Salted Caramel Doughnut Holes















Ingredients
2 cups vegetable oil
1 can (16.3 oz) refrigerated biscuits (I use Pillsbury Grands refrigerated biscuits)
½ cup sugar
¾ teaspoon fine sea salt
1 cup caramel dip (from 16-oz container)

Directions
· In deep fryer or 2-quart heavy saucepan, heat oil over medium heat to 350°F. Separate dough into 8 biscuits. Using small round cookie cutter, cut 3 holes out of each biscuit.

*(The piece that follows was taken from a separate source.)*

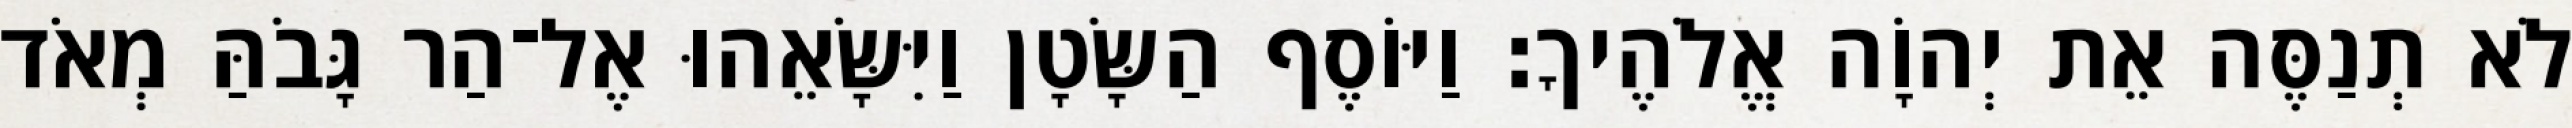
לֹא תְנַסֶּה אֵת יְהוָֹה אֱלֹהֶיךָ׃ וַיּוֹסֶף הַשָּׂטָן וַיִּשָּׂאֵהוּ אֶל־הַר גָּבֹהַּ מְאֹד
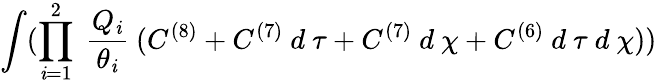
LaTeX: \int(\prod_{\mathit{i}=1}^{2}~\frac{{Q_{\mathit{i}}}}{{\theta_{\mathit{i}}}}~(C^{(8)}+C^{(7)}~d~\tau+C^{(7)}~d~\chi+C^{(6)}~d~\tau~d~\chi))

· Gently place 3 or 4 doughnut holes in hot oil. Fry on one side until golden brown. Gently turn with tongs; fry until other side is golden brown. Place on cooling rack; cool 2 to 3 minutes.

· Meanwhile, in small bowl, mix sugar and salt; pour onto plate. While doughnut holes are still warm, add to sugar-salt; turn to coat.

· In small microwavable bowl, microwave caramel dip on High about 30 seconds or until warm. Serve doughnut holes with warm caramel dip.

·
Tips

Instead of using a plate, add sugar and salt to a brown paper bag. Add the warm doughnuts to the bag and give them a shake to coat.

Instead of or as well as caramel dip, serve doughnut holes with warm chocolate fudge sauce.